In the case of classification, we take the argmax of the probability of each training instance.

Now, consider an example of a binary classifier where model predicts the probability as [0.49, 0.51]. In this case, the model will return 1 as the prediction.

Now, assume that the actual label is also 1.

In such a case, if MSE is used, it will return 0 as a loss value, whereas the binary cross-entropy will return some "tangible" value. And, if somehow with all data samples, the trained model predicts a similar type of probability, then binary cross-entropy effectively return a big accumulative loss value, whereas MSE will return a 0.

According to the MSE, it's a perfect model, but, actually, it's not that good model, that's why we should not use MSE for classification.

Kiri answered 8/5, 2019 at 16:36 Comment(2)
Your answer makes no sense. The MSE loss is not zero. Squared error means you literally square the error. Thus, if your model predicted 0.51 and the label was 1, the squared error would be (1-0.51)^2. Averaging this across the examples in the dataset gives the MSE.Magnificent
True, I wrongly interpreted MSE as an accuracy and evaluated loss on the basis of accuracy only and thats the reason I set the loss will be 0 in such a case. I will update my response, thanks for correcting me.Kiri
D
9

I would like to show it using an example. Assume a 6 class classification problem.

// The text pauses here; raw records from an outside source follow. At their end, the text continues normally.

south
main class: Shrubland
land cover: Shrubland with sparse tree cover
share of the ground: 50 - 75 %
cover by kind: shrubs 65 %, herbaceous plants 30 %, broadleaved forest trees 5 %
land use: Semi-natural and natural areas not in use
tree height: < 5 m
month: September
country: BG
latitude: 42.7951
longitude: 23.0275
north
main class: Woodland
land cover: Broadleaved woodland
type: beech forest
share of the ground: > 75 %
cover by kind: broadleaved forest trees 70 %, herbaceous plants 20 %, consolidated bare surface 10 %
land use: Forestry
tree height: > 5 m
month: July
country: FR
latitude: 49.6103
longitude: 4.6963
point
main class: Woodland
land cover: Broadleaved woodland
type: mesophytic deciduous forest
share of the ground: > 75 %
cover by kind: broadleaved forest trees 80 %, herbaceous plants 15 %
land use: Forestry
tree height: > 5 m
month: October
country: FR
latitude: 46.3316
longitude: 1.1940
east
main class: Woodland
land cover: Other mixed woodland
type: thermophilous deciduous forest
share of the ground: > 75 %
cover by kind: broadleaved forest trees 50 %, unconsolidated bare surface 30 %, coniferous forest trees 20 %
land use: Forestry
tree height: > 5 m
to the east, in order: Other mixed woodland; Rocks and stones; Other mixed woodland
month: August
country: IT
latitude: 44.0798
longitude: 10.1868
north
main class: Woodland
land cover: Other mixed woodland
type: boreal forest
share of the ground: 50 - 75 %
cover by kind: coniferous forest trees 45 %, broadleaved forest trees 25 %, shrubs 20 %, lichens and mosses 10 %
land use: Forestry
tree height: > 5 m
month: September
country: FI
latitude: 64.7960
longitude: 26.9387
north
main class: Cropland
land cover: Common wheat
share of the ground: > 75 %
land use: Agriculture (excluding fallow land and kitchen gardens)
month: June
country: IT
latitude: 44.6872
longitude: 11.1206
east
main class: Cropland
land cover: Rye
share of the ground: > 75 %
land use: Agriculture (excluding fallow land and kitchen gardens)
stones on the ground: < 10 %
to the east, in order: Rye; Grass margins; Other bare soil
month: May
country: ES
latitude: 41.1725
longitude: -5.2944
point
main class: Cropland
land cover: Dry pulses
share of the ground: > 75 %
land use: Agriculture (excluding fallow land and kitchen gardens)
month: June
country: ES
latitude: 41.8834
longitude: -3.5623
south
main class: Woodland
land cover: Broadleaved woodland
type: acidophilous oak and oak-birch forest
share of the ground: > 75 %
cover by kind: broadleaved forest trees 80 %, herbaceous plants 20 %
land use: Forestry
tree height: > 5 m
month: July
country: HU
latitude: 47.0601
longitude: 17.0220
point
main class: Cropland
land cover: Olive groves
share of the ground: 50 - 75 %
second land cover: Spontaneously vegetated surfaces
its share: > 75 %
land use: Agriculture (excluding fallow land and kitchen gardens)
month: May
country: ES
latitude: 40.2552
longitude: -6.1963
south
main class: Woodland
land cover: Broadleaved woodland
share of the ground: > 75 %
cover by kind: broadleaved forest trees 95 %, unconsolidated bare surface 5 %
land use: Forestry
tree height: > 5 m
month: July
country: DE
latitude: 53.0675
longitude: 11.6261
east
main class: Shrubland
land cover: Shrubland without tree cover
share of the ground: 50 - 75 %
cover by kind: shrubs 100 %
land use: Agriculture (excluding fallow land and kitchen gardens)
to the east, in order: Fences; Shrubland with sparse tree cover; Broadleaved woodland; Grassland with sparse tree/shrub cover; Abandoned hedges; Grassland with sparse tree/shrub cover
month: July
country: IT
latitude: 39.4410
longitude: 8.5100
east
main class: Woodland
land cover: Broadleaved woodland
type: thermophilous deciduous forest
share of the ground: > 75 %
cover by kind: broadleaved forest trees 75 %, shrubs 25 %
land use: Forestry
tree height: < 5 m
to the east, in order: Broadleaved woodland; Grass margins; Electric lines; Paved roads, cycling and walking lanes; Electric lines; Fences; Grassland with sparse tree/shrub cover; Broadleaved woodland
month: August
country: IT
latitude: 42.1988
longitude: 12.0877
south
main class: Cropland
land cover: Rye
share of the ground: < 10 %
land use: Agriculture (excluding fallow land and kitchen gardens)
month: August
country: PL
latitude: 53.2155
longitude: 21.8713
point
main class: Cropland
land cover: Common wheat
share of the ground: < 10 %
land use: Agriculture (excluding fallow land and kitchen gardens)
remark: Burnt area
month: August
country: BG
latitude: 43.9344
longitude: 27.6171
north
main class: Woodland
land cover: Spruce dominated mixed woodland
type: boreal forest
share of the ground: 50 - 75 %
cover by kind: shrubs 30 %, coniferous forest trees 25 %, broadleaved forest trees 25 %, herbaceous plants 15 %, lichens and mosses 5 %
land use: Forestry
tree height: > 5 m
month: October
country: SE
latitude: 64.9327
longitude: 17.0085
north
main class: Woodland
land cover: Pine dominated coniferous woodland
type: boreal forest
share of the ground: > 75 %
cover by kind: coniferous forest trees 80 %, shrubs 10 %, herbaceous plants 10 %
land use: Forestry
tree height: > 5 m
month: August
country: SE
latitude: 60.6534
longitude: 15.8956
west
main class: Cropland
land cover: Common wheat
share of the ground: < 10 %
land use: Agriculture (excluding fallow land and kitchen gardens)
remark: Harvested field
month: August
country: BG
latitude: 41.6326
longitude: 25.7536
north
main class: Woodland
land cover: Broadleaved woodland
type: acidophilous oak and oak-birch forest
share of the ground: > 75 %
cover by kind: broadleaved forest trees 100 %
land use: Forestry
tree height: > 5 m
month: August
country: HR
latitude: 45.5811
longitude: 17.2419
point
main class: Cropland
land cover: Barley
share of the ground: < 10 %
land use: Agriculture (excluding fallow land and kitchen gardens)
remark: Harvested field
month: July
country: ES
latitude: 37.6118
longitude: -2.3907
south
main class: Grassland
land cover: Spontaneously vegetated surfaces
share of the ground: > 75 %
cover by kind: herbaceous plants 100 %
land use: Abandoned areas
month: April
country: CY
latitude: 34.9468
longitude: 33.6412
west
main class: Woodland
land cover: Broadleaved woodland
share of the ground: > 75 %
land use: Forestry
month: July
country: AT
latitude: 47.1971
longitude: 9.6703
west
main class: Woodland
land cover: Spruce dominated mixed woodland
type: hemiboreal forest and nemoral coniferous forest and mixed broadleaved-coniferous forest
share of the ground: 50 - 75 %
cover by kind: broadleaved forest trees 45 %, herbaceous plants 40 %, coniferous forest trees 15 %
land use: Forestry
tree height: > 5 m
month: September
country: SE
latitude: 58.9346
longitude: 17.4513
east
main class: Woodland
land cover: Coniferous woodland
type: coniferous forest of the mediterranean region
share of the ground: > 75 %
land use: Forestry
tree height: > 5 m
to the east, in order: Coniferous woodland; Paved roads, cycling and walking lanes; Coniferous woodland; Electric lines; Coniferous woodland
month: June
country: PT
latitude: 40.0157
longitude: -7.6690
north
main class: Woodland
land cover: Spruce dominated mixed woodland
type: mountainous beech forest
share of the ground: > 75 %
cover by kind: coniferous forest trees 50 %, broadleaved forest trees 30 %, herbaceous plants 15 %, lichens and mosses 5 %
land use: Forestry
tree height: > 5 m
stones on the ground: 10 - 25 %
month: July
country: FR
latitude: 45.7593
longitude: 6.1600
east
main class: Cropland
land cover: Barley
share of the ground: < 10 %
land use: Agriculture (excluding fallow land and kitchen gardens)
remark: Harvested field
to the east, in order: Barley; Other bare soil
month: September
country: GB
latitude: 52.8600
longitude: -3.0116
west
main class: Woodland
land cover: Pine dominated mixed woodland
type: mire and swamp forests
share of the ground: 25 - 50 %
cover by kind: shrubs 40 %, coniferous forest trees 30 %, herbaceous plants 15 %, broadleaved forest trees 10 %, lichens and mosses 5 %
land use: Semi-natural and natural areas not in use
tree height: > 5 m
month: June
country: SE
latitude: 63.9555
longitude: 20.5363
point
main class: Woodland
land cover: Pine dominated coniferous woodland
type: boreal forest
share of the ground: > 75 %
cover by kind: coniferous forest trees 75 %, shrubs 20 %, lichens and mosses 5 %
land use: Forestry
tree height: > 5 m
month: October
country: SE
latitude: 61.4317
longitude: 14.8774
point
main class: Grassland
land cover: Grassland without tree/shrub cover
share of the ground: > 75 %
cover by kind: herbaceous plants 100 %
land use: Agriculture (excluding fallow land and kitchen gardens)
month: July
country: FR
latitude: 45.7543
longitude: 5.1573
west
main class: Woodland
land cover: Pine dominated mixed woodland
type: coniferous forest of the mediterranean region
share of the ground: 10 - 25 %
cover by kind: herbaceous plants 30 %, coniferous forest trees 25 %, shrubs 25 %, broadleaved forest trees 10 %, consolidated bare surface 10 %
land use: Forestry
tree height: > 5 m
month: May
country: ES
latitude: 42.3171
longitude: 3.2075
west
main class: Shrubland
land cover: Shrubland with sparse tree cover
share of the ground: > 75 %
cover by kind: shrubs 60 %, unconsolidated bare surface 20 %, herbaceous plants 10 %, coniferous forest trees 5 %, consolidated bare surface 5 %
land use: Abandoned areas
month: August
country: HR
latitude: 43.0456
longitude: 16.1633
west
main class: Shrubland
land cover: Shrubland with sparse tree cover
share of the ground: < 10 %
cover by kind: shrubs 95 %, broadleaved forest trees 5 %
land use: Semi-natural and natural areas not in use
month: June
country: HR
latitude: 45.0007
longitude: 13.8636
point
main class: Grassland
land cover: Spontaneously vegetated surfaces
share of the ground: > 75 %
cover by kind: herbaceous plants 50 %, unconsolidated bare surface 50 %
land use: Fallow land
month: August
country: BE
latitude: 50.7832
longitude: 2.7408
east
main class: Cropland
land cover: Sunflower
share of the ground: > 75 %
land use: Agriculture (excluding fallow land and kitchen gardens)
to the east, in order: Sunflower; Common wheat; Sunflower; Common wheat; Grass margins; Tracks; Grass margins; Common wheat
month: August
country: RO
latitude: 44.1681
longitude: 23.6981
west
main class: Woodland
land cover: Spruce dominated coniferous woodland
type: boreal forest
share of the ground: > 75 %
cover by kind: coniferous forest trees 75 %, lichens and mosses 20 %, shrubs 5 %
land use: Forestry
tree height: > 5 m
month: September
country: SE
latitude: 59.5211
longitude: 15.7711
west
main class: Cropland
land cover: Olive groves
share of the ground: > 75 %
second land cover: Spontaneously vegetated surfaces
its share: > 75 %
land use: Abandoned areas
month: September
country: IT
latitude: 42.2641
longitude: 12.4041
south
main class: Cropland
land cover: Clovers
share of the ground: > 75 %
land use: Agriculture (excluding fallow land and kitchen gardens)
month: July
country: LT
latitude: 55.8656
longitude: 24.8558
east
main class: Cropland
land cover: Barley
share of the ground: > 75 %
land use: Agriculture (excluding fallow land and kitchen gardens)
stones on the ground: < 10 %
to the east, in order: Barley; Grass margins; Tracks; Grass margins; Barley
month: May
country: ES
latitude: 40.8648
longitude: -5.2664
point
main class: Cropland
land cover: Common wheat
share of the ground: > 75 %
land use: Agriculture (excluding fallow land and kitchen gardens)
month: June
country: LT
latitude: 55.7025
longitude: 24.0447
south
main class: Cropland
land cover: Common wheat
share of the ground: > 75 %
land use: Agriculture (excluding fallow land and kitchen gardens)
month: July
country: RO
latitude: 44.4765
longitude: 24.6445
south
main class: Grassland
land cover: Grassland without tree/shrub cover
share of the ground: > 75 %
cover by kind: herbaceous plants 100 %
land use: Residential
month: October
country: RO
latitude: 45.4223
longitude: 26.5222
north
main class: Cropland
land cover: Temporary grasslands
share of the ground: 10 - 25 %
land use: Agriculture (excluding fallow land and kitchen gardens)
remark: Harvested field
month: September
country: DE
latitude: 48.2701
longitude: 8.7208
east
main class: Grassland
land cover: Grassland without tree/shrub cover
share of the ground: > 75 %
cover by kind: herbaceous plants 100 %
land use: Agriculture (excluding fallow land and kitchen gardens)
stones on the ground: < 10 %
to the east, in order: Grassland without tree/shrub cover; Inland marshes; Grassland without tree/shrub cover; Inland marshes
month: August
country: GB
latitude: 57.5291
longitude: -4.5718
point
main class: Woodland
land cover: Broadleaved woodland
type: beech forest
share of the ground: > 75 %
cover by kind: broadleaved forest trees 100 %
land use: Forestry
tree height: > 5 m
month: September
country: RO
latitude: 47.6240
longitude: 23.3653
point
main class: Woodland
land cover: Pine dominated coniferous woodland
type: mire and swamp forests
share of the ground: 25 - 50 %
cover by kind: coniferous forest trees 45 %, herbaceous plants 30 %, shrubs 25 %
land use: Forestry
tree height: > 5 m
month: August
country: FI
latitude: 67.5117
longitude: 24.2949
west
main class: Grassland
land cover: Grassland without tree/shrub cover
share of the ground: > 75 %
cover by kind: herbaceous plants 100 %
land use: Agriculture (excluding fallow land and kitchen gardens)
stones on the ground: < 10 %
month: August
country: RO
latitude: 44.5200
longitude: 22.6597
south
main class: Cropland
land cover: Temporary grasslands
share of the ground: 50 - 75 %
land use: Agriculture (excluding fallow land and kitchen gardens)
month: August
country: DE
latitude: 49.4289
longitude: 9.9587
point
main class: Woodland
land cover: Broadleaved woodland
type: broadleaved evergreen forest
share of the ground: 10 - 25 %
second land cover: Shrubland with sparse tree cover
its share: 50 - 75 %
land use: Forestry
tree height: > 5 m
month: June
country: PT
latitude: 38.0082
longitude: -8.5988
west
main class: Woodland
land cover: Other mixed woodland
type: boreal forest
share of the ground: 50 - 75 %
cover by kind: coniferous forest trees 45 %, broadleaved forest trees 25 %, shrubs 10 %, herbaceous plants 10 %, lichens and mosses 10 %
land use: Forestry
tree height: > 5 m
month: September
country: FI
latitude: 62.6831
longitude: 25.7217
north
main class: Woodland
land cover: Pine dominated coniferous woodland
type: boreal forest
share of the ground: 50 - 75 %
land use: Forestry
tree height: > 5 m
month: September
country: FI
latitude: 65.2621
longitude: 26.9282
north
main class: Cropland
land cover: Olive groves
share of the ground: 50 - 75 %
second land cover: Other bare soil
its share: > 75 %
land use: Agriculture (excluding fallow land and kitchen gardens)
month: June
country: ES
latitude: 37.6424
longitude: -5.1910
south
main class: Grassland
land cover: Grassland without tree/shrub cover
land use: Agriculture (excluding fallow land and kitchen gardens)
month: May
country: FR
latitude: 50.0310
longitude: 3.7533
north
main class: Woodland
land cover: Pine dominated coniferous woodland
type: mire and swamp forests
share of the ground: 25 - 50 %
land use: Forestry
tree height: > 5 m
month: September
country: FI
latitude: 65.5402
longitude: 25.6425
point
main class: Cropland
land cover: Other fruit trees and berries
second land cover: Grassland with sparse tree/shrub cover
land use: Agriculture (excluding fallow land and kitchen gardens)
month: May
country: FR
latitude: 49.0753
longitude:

Assume, True probabilities = [1, 0, 0, 0, 0, 0]

Case 1: Predicted probabilities = [0.2, 0.16, 0.16, 0.16, 0.16, 0.16]

Case 2: Predicted probabilities = [0.4, 0.5, 0.1, 0, 0, 0]

The MSE in the Case1 and Case 2 is 0.128 and 0.1033 respectively.

Although, Case 1 is correctly predicting class 1 for the instance, the loss in Case 1 is higher than the loss in Case 2.

Delphinus answered 17/11, 2019 at 18:41 Comment(2)
But when you calculate the cross-entropy on both cases, isn't that you will find out Case 2 still has the lower loss even though it is predicting wrong?Bandog
Sorry, but your point is moot. Both MSE and CE will be higher for Case 1: see here. Case 1 is basically just a bunch of noise in all categories with 0.2 being barely above the noise.Orectic
B
6

The answer is right there in your question. Value of binary cross entropy loss is higher than rmse loss.

Case 1 (Large Error):

Lets say your model predicted 1e-7 and the actual label is 1.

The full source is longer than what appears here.